UMass student charged with painting swastikas at Amherst College



Last modified: Monday, September 24, 2012

A break-in to the campus health center at Amherst College, during which two swastikas were painted inside the building, led to the arrest of a University of Massachusetts student police say is responsible.

Bradley Keigwin, 20, of North Falmouth was arrested Sept. 9 on charges of breaking and entering during the nighttime, larceny from a building and defacing property, said Amherst College spokeswoman Caroline Hanna.

Keigwin is not expected to face charges under the Massachusetts Hate Crime Statute, though, as the Northwestern district attorney's office determined there was insufficient evidence to support such a charge, Hanna said.

"Although the painting of a swastika on a wall is a clear bias indicator and highly offensive, additional elements must also be established in order to prosecute an individual for a criminal civil rights violation," said Deputy District Attorney Janice Healy. "After consultation with the Amherst College Police Department, it was determined that a criminal civil rights charge was not appropriate at this time."

Healy said these bias indicators could be dislike toward someone working at the health center or on the Amherst College campus, a connection to a known hate group or past comments made by Keigwin. The clearest bias indicator, she said, is when someone targets an individual with force or intimidation because of that person's race, gender, sexual orientation or religion.

Keigwin had been observed in the bushes outside the Keefe Health Center building at 12:12 a.m. Sept. 9 after setting off an intrusion alarm and ran when spotted by police, Hanna said. He was apprehended in downtown Amherst a short time later after a foot pursuit by college police officers.

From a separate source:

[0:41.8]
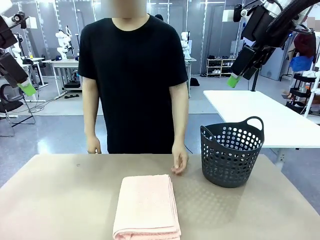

Keigwin pleaded not guilty to the charges at an arraignment in Eastern Hampshire District Court in Belchertown. His case will be continued at a pre-trial hearing Oct. 23.

Hanna said Keigwin is alleged to have stolen computer components and furniture from the health center and used spray paint to damage the room and draw the swastikas.

"People are understandably upset about this," Hanna said.

The college sent a letter to all faculty, staff and students signed by President Carolyn "Biddy" Martin, Acting Dean of Students Charri Boykin-East, the Jewish religious adviser, Rabbi Bruce Bromberg Seltzer, and Police Chief John Carter.

In it, they thanked police and college staff for quick action related to the incident, including making the arrest, cleaning up and repainting the health center and getting it reopened to serve students.

The letter also indicates that the campus community is disturbed by the painted swastikas.

"Respect for the rights, dignity and integrity of others is essential for the well-being of our community," the letter said. "Actions by anyone that do not reflect such respect for others are damaging to each member of the community and hence damaging to Amherst College.

"Each member of the community should be free from interference, discrimination, intimidation, sexual harassment or disparagement in the classroom, the social, recreational and residential environment or the workplace."

In a letter addressed to the UMass community, Chancellor Kumble Subbaswamy addressed the incident, saying, "While the break-in and theft are reprehensible, it is the painting of the swastikas that is most distressing. A swastika, which symbolizes anti-Semitism and other forms of extreme intolerance and hatred, has no place in any society that values and celebrates the many diverse forms of humanity."

UMass spokesman Edward Blaguszewski said the university's dean of students is reviewing the case to see if disciplinary action will be taken. "The case will be reviewed promptly," he said.

Blaguszewski said the specific action, if and when taken, will not be publicly revealed due to the federal privacy protections afforded college students.

Healy said the attorney general's office has broader discretion in civil law than the district attorney's office does in criminal law to pursue hate crimes. "The difficulty is that we're really not able to make out these specific elements in this particular case," Healy said.

As part of the evaluation of bias, Healy said, law enforcement agencies rely on "bias indicators" listed in the hate crime statute. These bias indicators are defined as "objective facts, circumstances or patterns attending a criminal act which, standing alone or in conjunction with other facts or circumstances, suggest that the offender's actions were motivated, in whole or in part, by any form of bias."

"An incident such as this demonstrates how important it is for both law enforcement and the Five College community to respond swiftly in order to send a clear message that any and all bias-motivated incidents are unacceptable and will not be tolerated," said Northwestern District Attorney David E. Sullivan.